8.2 Assignment. Service Provider may not assign or transfer any of Service Provider’s rights or delegate any of Service Provider’s obligations under this Agreement, in whole or in part, without Client’s expressed prior written consent. Any attempted assignment, transfer or delegation, without such consent, will be void. Subject to the foregoing, this Agreement will be binding upon and will inure to the benefit of the parties permitted successors.
8.3 Attorneys’ Fees. If any action is necessary to enforce only the terms of this Agreement, the substantially prevailing party will be entitled to reasonable attorneys’ fees, costs and expenses in addition to any other relief to which such prevailing party may be entitled.
8.4 Governing Law. This Agreement will be governed by and construed in accordance with the laws of the District of Columbia, United States of America excluding that body of law pertaining to conflict of laws. Any legal action or proceeding arising under this Agreement will be brought exclusively in federal court or state court located in the District of Columbia, United States of America and the parties hereby irrevocably consent to the personal jurisdiction and venue therein.
8.5 Severability. If any provision of this Agreement is held invalid or unenforceable by a court of competent jurisdiction, the remaining provisions of the Agreement will remain in full force and effect, and the provision affected will be construed so as to be enforceable to the maximum extent permissible by law.

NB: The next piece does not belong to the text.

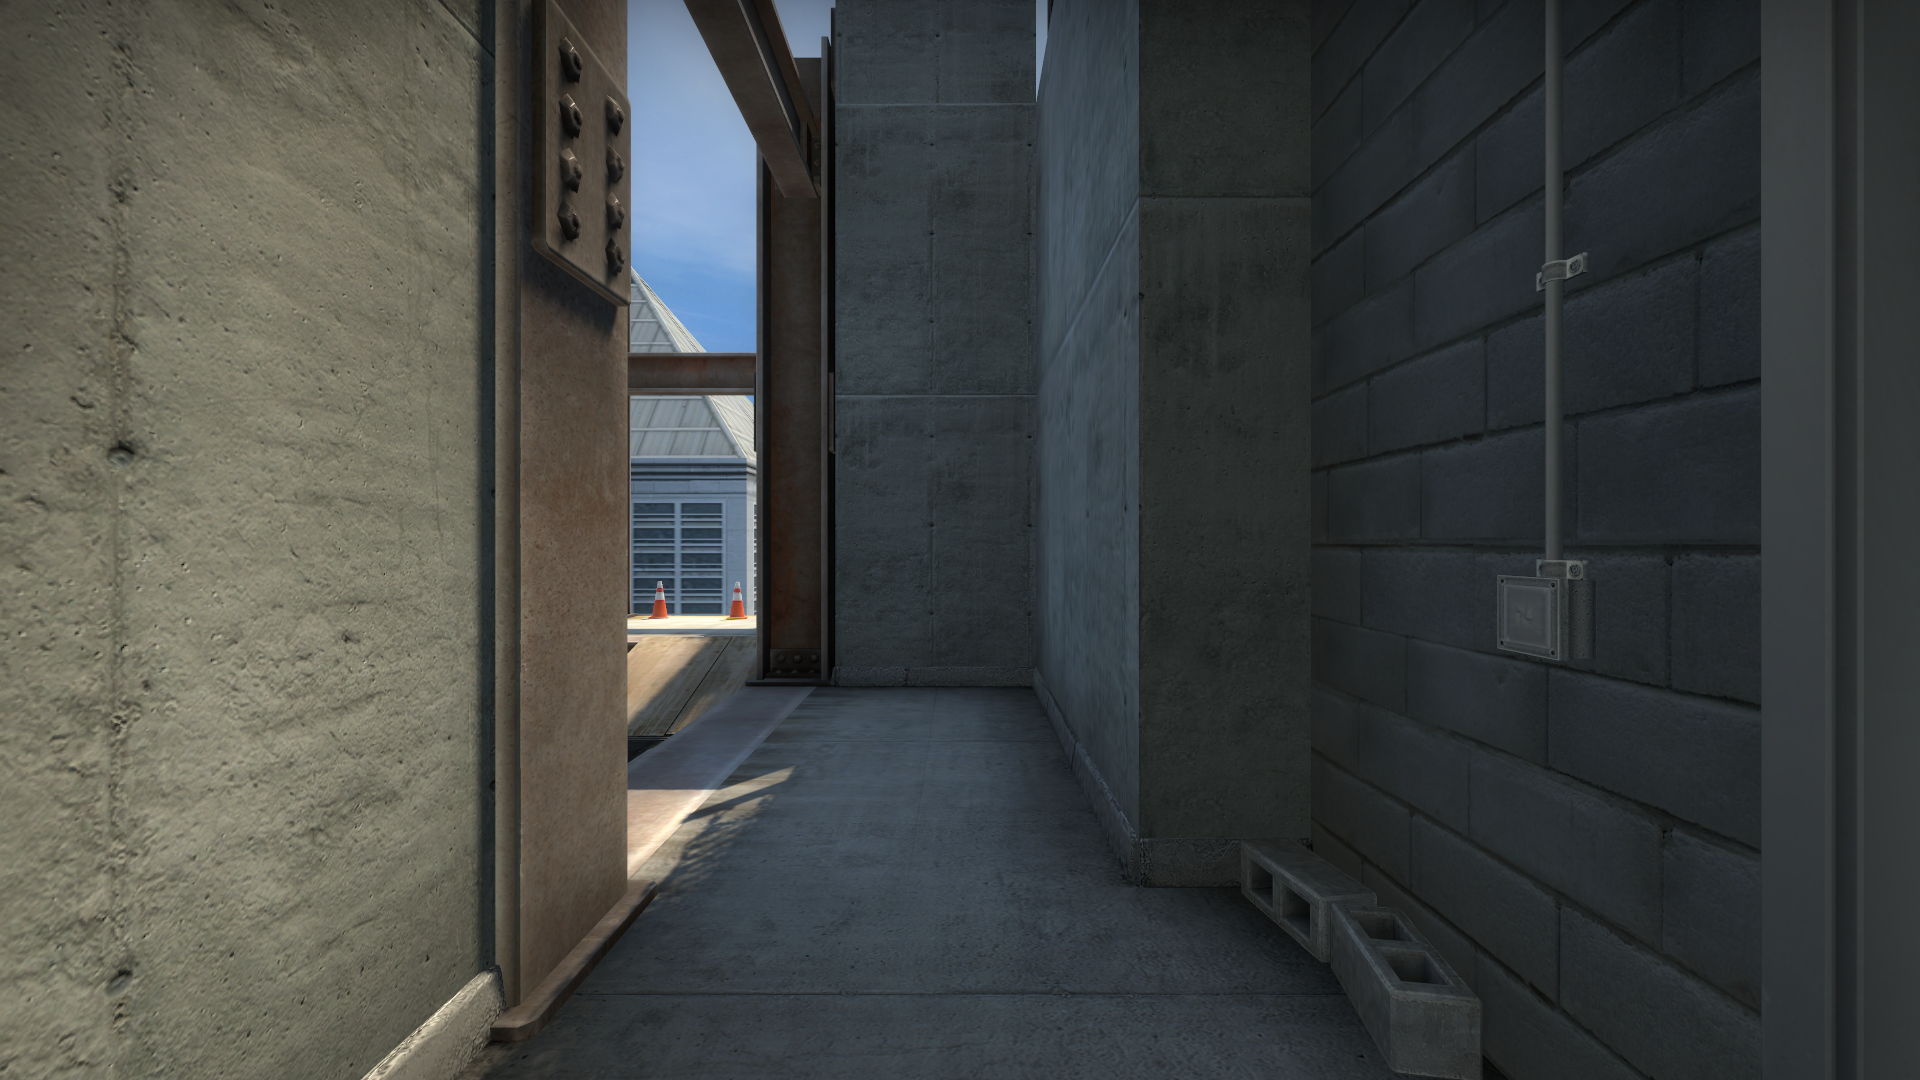
Map: de_vertigo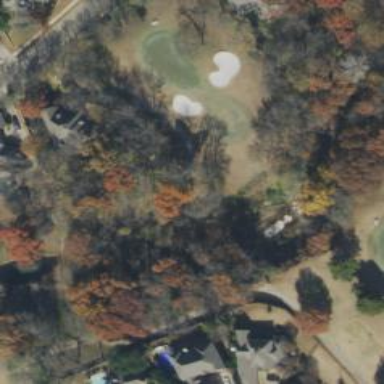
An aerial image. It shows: Golf cartpath that is also road path.

8.6 Notices. All notices required or permitted under this Agreement will be in writing and delivered by confirmed facsimile transmission, by courier or overnight delivery service, or by certified mail, and in each instance will be deemed given upon receipt. All notices will be sent to the addresses set forth above or to such other address as may be specified by either party to the other in accordance with this Section.
8.7 Entire Agreement. This Agreement, together with the Statement of Work, constitutes the complete and exclusive understanding and agreement of the parties with respect to the subject matter hereof and supersedes all prior understandings and agreements, whether written or oral, with respect to the subject matter hereof. In the event of a conflict, the terms and conditions of the Statement of Work will take precedence over the terms and conditions of this Agreement. Any waiver, modification or amendment of any provision of this Agreement will be effective only if in writing and signed by the parties hereto.
8.8 Waiver. The waiver of any breach of any provision of this Agreement will not constitute a waiver of any subsequent breach of the same other provisions hereof.
8.9 Counterparts. This Agreement may be executed in counterparts, each of which will be deemed an original, but all of which together will constitute one and the same instrument.